What is the American Dream for you? Do you have “it”? Are you happy? I always kind of assumed that the “American Dream” suggested owning a home, having a career, partner, and 2.5 children…a retirement–this is how Americans are to find happiness – Right? But now I am not sure. When you think about it, the term is so vague and lacking in specifics. Why is an “American Dream” different than, let’s say, the “Brazilian Dream,” or the “Italian Dream”?
I have sought the American Dream and I have done much of what I was told would bring it about, along with financial success and security. I work hard – really hard. I got an education (Ph.D.), but I have never turned my nose up at so-called honest work such as red collar jobs. I like to work with my hands and I am good at it. I have waited on tables, worked the front desk as a secretary, receptionist, and executive assistant. I have taught children, and adults and I now teach both (college writing, ethics and communication. I will also be teaching 3-5 year old children a beginning class on martial arts.). I give back to my community and get involved with local and national politics – as is my responsibility. I am happy to help my neighbor, donate to charities and the like. I got married and have worked hard at my marriage. I have taken care of my sick parents (sadly buried them both way before their time-under the age of 56)and my husband’s folks as well. But I am still wondering, after all this hard work, where is the pay out; where the hell is this American Dream I have heard so much about?
I have come to the conclusion that the American Dream is a lie. It a lie told to get us “Americans” motivated and to keep us in-line with the general American (consumer and credit sucking) Machine. I own no house, work way too many hours (on an average, I work 7 days a week. Monday through Friday I work from 8AM to 7 or 8pm. On the weekends, I work an average of 5 hours each day). I work three part time jobs just to make end’s meat (or “end’s meet” depending on who you are talking to) because employers do not want to hire full-time workers and pay for all that stuff, such as benefits and yadda, yadda. So, I, like many others, work three jobs just to come close to making what I might make working one job. I am effen tired and constantly broke. My husband, who works for a company that cut 50% of his office because of the recession, is now working the job of three people, and he is effen tired as well. The only ones in our family that is not effen tired are our pets!
What I am saying is this: where the hell is the American Dream I was promised? Do we get it when we retire? Wait . . . What retirement? My husband is in his 50s, I’m in my 40s, and our retirement went the way of the recession and the greedy bastards that screwed us all. We have no real retirement left (not that we had a huge nest egg to begin with, but it’s now gone). Not only that, but people in my family apparently die young; I may not be able to wait for retirement! Hell, I do not even think there is or will be retirement anytime soon for most Americans–but this is a whole other conversation for another day.

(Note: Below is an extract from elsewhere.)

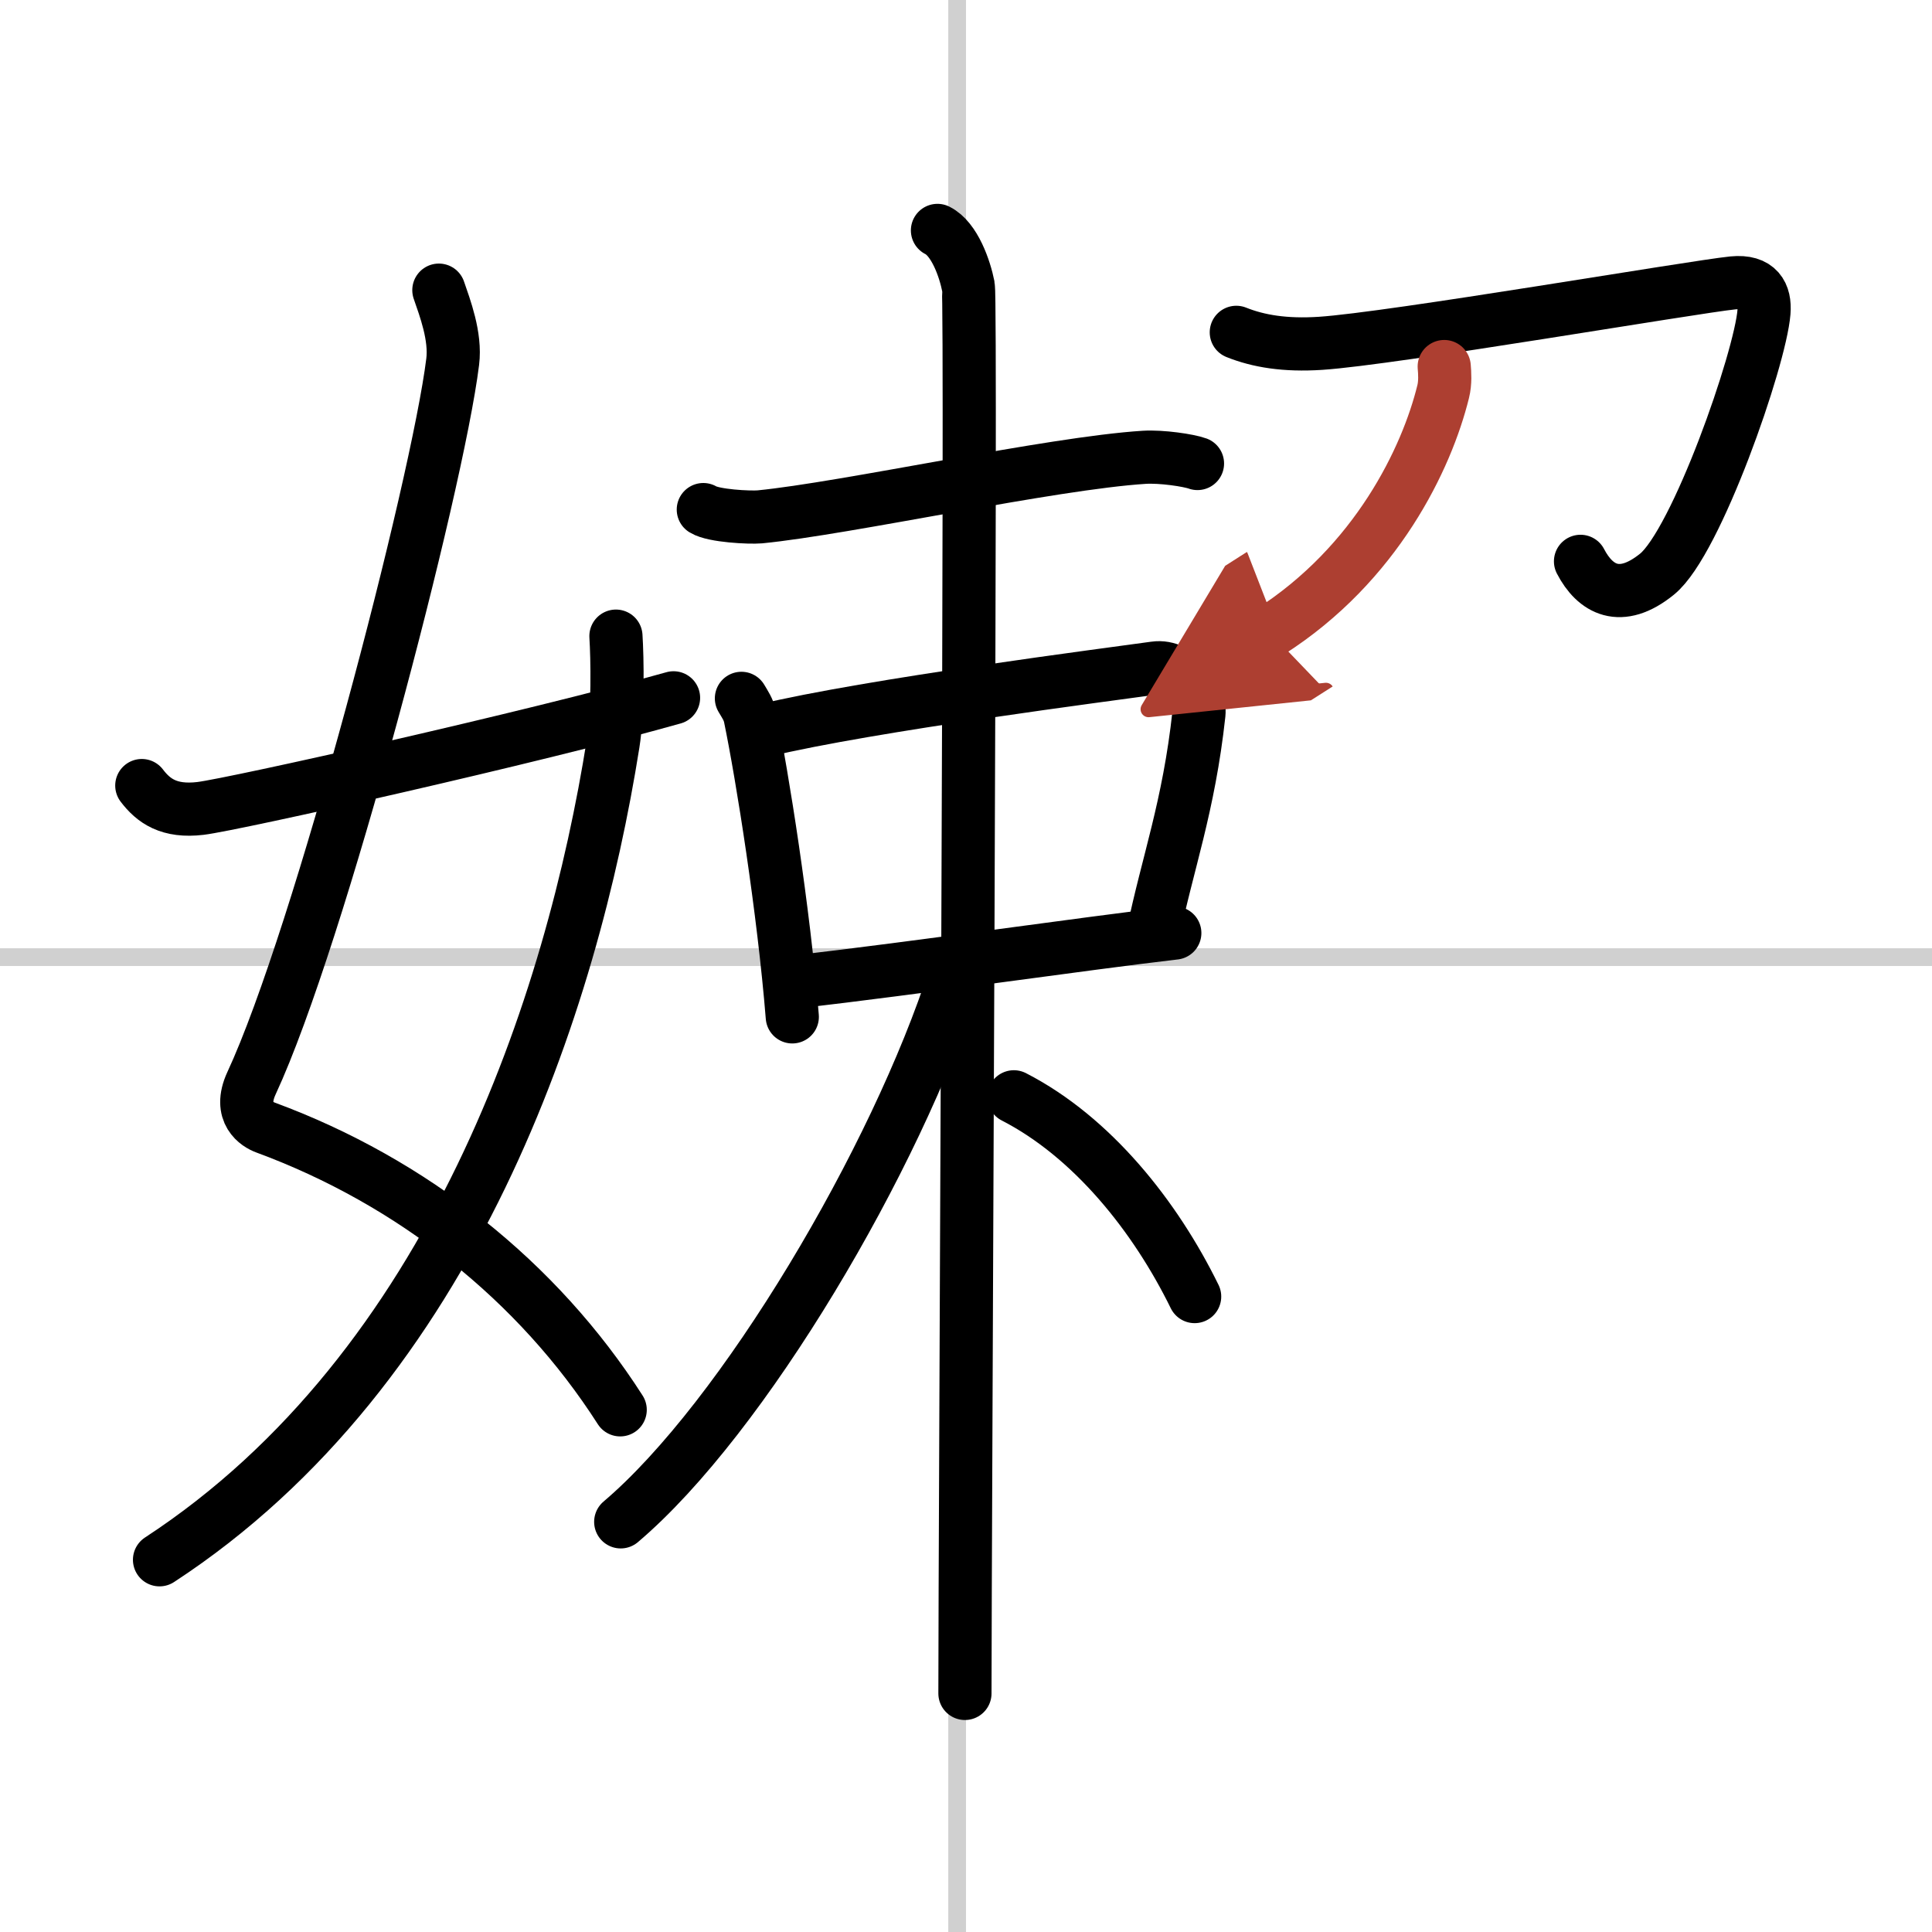 <svg width="400" height="400" viewBox="0 0 109 109" xmlns="http://www.w3.org/2000/svg"><defs><marker id="a" markerWidth="4" orient="auto" refX="1" refY="5" viewBox="0 0 10 10"><polyline points="0 0 10 5 0 10 1 5" fill="#ad3f31" stroke="#ad3f31"/></marker></defs><g fill="none" stroke="#000" stroke-linecap="round" stroke-linejoin="round" stroke-width="3"><rect width="100%" height="100%" fill="#fff" stroke="#fff"/><line x1="54" x2="54" y2="109" stroke="#d0d0d0" stroke-width="1"/><line x2="109" y1="54" y2="54" stroke="#d0d0d0" stroke-width="1"/><path d="m24.76 16.37c0.34 0.99 0.96 2.61 0.78 4.04-0.87 7.02-7.53 32.48-11.35 40.7-0.78 1.69 0.35 2.34 0.78 2.5 8.3 3.06 15.38 8.68 20.02 15.93"/><path d="M34.75,35.89c0.08,1.24,0.13,4.26-0.16,6.06C32.28,56.52,25.59,77.16,9,88"/><path d="m8 44.32c0.66 0.87 1.54 1.5 3.31 1.29 1.9-0.23 18.83-4.02 26.69-6.24"/><path d="m39.68 28.75c0.58 0.36 2.61 0.46 3.19 0.41 4.89-0.48 16.45-3.03 21.69-3.36 0.97-0.06 2.51 0.17 3 0.35"/><path d="m41.83 39.4c0.2 0.34 0.4 0.62 0.49 1.04 0.69 3.33 1.9 10.95 2.38 16.93"/><path d="m43.07 41.22c5.97-1.44 19.74-3.2 22.08-3.53 1.46-0.21 2.6 1.56 2.49 2.59-0.57 5.24-1.78 8.45-2.59 12.4"/><path d="m44.79 55.41c7.17-0.83 16.11-2.14 21.49-2.77"/><path d="m52.89 13c0.97 0.48 1.55 2.18 1.74 3.15s-0.19 70.6-0.19 79.39"/><path d="M53.89,55.02C50.57,65.37,41.93,80,35.02,85.86"/><path d="m57.2 61.88c4.42 2.27 7.98 6.74 10.2 11.27"/><path d="m69.75 18.75c1.25 0.5 2.75 0.75 4.75 0.62 4.01-0.26 21.07-3.19 23.27-3.41 1.43-0.14 1.83 0.65 1.75 1.65-0.21 2.65-3.81 12.98-6.03 14.78-2.07 1.68-3.5 0.86-4.32-0.72"/><path d="m81.48 20.68c0.03 0.35 0.07 0.91-0.06 1.42-0.92 3.74-3.75 9.71-9.79 13.56" marker-end="url(#a)" stroke="#ad3f31"/></g></svg>

The point is, I am not going to wait for retirement because like the “American Dream,” this too is a myth – a huge bloody myth. So, what is there to do? Whine like I have just been doing? Nah – that gets old quickly and who has the time or the inclination to listen anyway? We (my husband and I) have decided to “drop out,” that is “opt out” of the lies. We are going to sell much of what we own (which isn’t much – really a lot of consumerist’s junk were were told we need by the Machine), buy an RV and travel while we work here or there. I was asked recently why I would be willing to do this? After all, I have a Ph.D. and a book coming out in a few months. Hell, it might land on Kindle (woot); why drop-out now when this could land me that full-time teaching gig I worked so hard to get? Because – I no longer believe in the dream. Once you realize that the dream is nothing but an illusion, Plato’s shadows dancing in a cave where you are changed-up (but you don’t know it) – you should free yourself and come out into the light.
This blog will now chronicle our efforts (my husband and I) to drop-out and opt-out of the poorly written American Dream Plan and opt into a plan more of our own making. Please join me in this journey and my personal goal of finding the “Rebecca” dream as well as the “Rebecca and George” dream.